More About: Business, COMMUNICATIONS, Features Week In Review, Social Media, Tech


IndieGoGo’s Co-Founder Wants Kids to Launch 10 Startups in 10 Years

Posted: 14 Apr 2012 03:12 PM PDT


Slava Rubin, co-founder and CEO of crowdfunding website IndieGoGo, has an ambitious plan to plant the seeds of entrepreneurship in the minds of students: He wants them to launch a new startup every year for ten years in middle school through college.

“The best way for students to become entrepreneurs is through practice and experience,” writes Rubin in his contribution to the #FixYoungAmerica book, to be published in May. “LeBron James became a basketball star because he practiced and played basketball regularly from an early age, not just because he watched Michael Jordan on television.”

Rubin believes entrepreneurship deserves a place in classrooms nationwide, right alongside calculus and biology. Few schools, says Rubin, teach students that they can become successful entrepreneurs and business owners, so the career field doesn’t appear on students’ radars the way that “doctor” or “lawyer” might.

“Most college students think their options are limited to the jobs they’ve already been exposed to,” says Rubin. “No one mentions ‘entrepeneur.’”

Rubin’s curriculum is divided into four parts, one for each semester of the school year.

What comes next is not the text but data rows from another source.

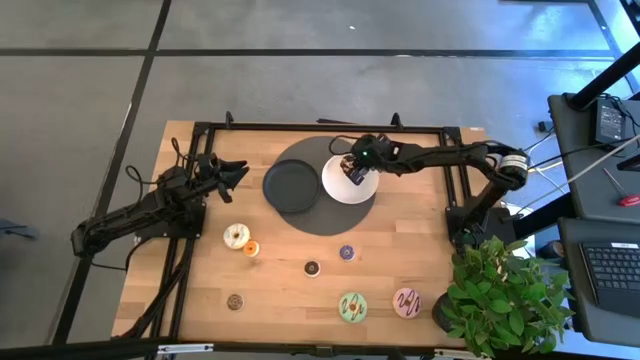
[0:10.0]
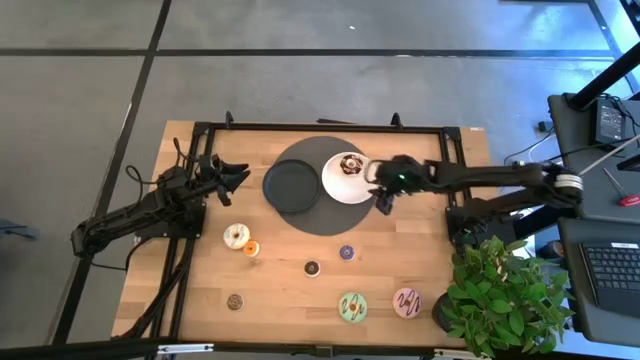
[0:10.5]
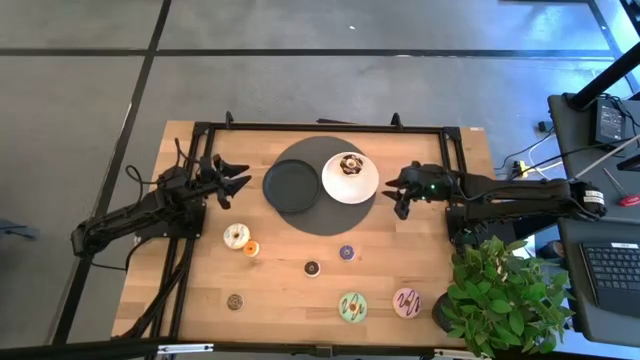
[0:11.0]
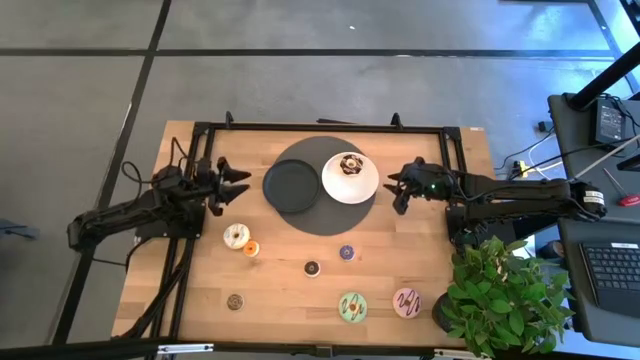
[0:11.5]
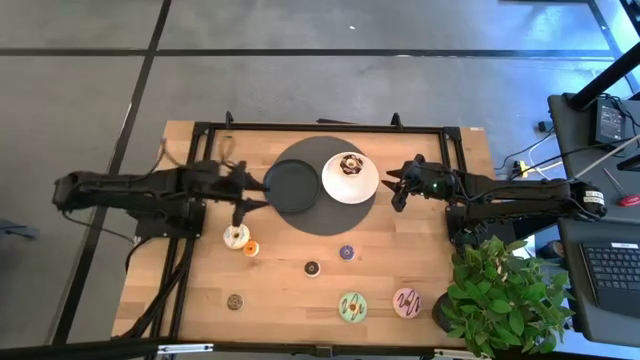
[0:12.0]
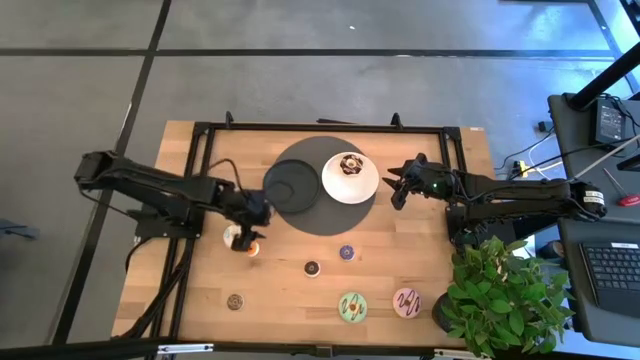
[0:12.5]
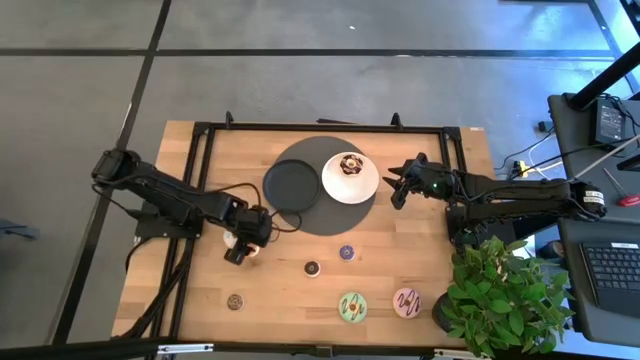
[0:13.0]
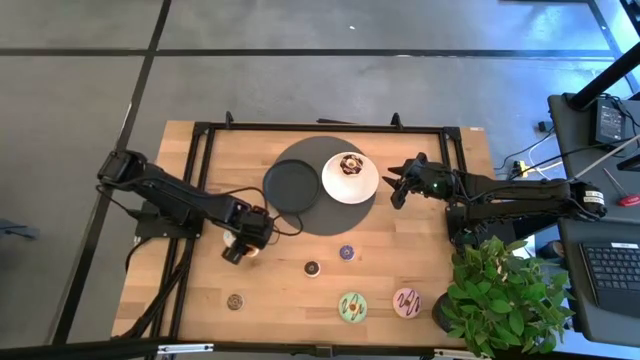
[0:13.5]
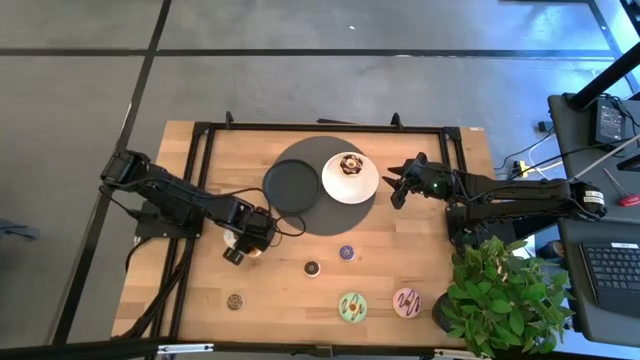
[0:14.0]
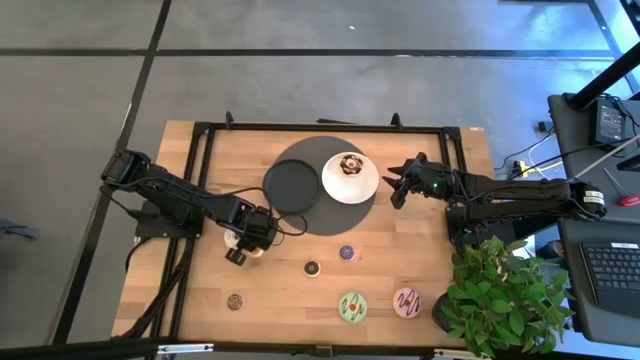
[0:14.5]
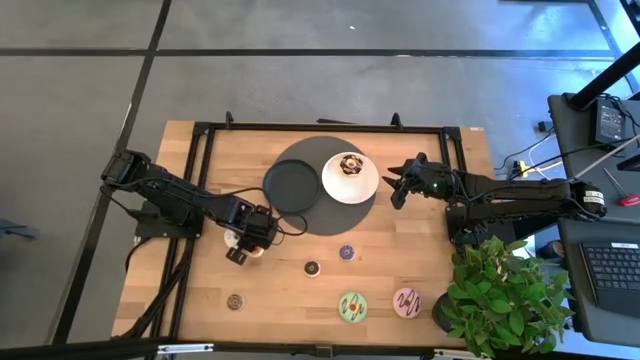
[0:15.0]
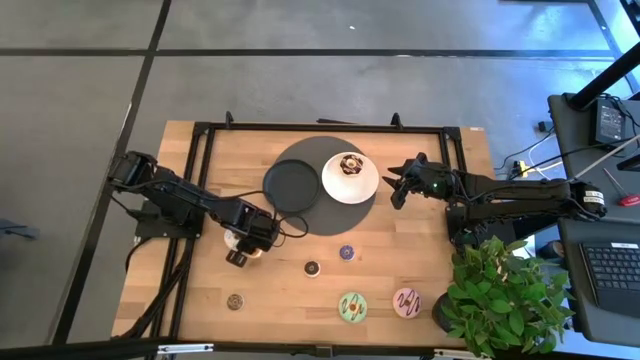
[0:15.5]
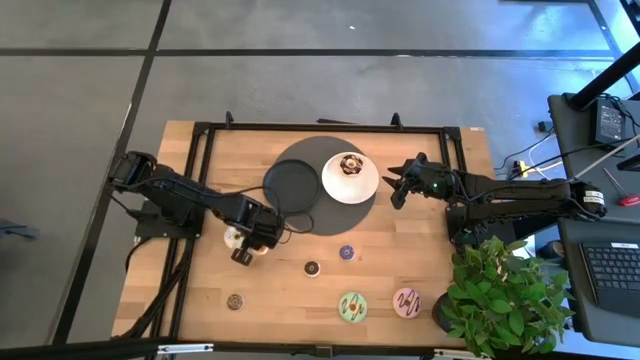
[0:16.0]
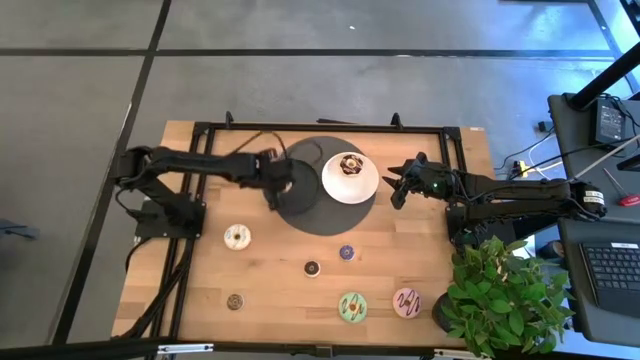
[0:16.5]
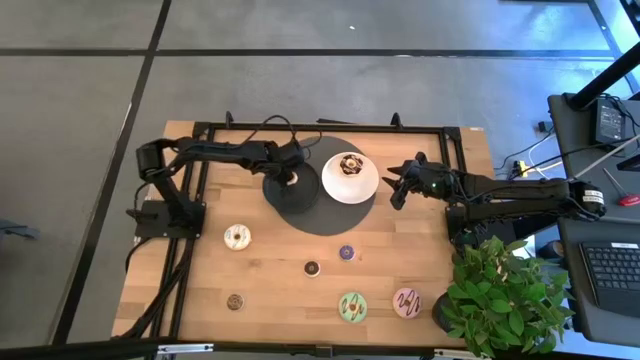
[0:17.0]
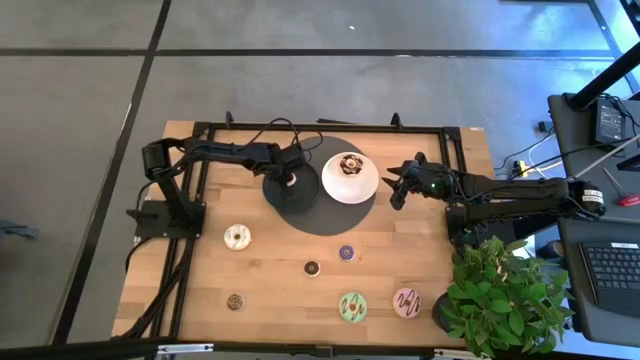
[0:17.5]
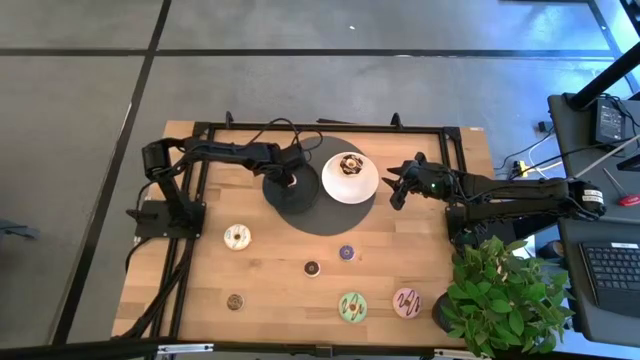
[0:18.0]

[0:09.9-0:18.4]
Task: Pick & Place donuts
Put the small orange donut on the black plate
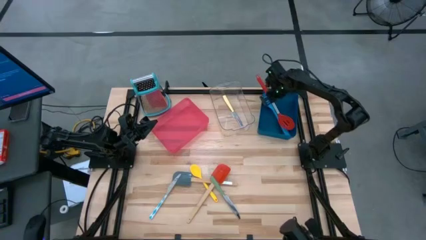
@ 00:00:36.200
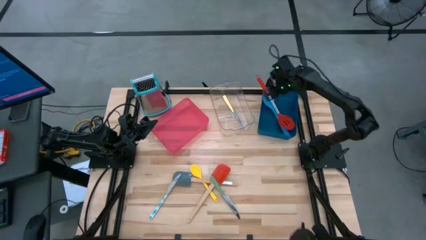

During the first semester, students would learn the basic theories of business and crowdfunding. Next, students would be tasked with brainstorming ideas, research and designing their marketing campaign. In the third semester, students would run their campaign and pitch to investors. Finally, students would review their experience and apply the lessons they learned to next year’s project.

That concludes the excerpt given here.